Whilst it works, I think I’d prefer something like multiple inheritance as in the example below:

struct a {
    int a_data;
}; // 'Trait' A

struct b {
    int b_data;
}; // 'Trait' B

struct c : public a, public b {
    int c_data;
}; // A composite structure with 'traits' A and B.

struct d : public b {
    int d_data;
}; // A composite structure with 'trait' B.

My experimental code examples show they work fine, but I’m a bit perplexed as to how its actually working when things get complex.

For example:

b * basePtr = new c;
cout << basePtr->b_data << endl;
b * basePtr = new d;
cout << basePtr->b_data << endl;

This works fine every time, even through function calls with the a pointer as a parameter.

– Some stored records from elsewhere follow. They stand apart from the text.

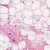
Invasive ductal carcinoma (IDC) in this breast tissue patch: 0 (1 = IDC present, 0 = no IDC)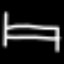
Label: bed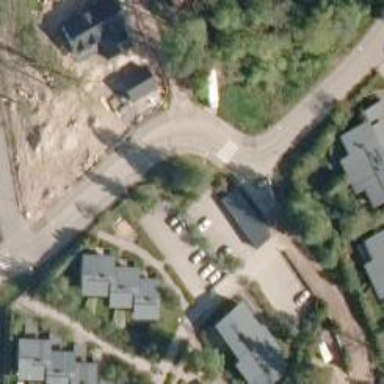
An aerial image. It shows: Uncontrolled crossing on the road.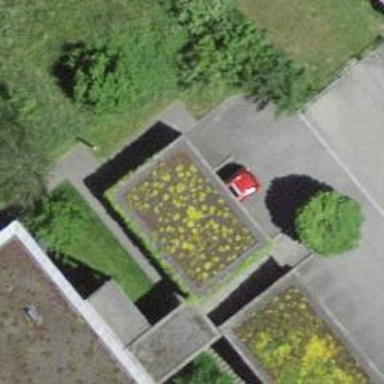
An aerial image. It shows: View of roof of building.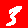
Digit: 3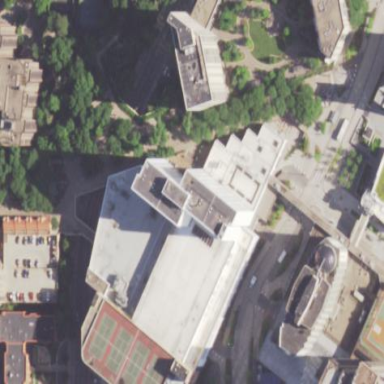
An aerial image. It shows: Building with flat roof. The building is white in color.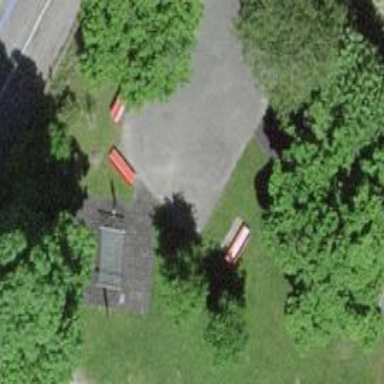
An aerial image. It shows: Playground with swings.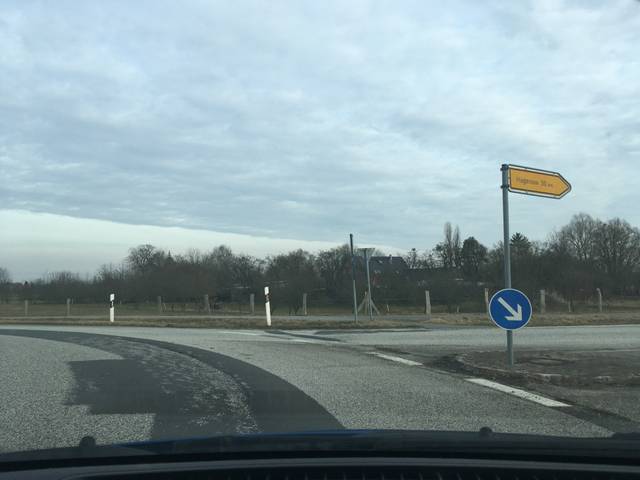
Region: Germany
Coordinates: 53.607, 11.356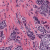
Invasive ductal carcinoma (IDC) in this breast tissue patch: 1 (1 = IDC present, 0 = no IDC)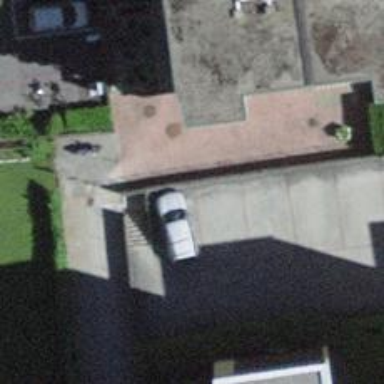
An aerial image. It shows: Set of steps on the road.
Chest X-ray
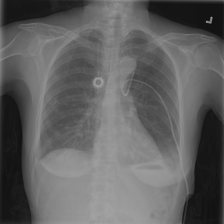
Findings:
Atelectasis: negative
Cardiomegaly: negative
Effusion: positive
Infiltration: negative
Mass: negative
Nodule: positive
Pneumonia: negative
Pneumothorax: negative
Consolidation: negative
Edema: negative
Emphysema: negative
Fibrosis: negative
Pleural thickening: negative
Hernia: negative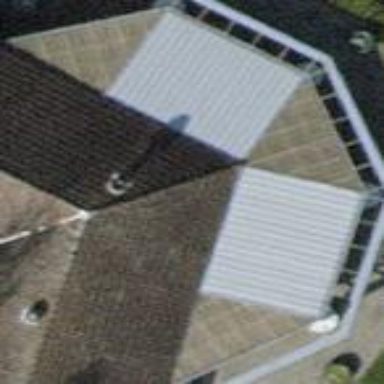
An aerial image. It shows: View of roof of building.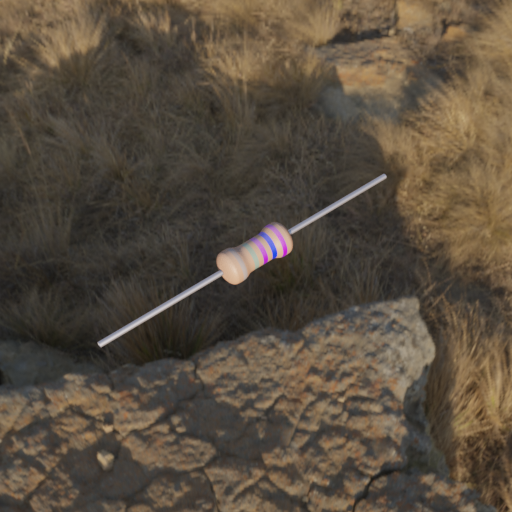
Resistor colour bands (in order): gray, gray, violet, blue, violet

My question is how does the code know where b_data is stored in one of the derived structs? As far as I can tell, the structs still use a compacted structure with no extra data (i.e. 3 int structs only take up 12 bytes, 2 ints 8 bytes, etc). Surely it needs some sort of extra data field to say where a_data and b_data are stored in a given structure?

It’s more of a curiosity question as it all seems to work regardless, and if there are multiple implementations in use, I’ll happily accept a single example. Though I do have a bit of a concern as I want to transfer the bytes behind these structs through a inter-process message queue and want to know if they’ll be decoded OK on the other end (all the programs using the queue will be compiled by the same compiler and run on a single platform).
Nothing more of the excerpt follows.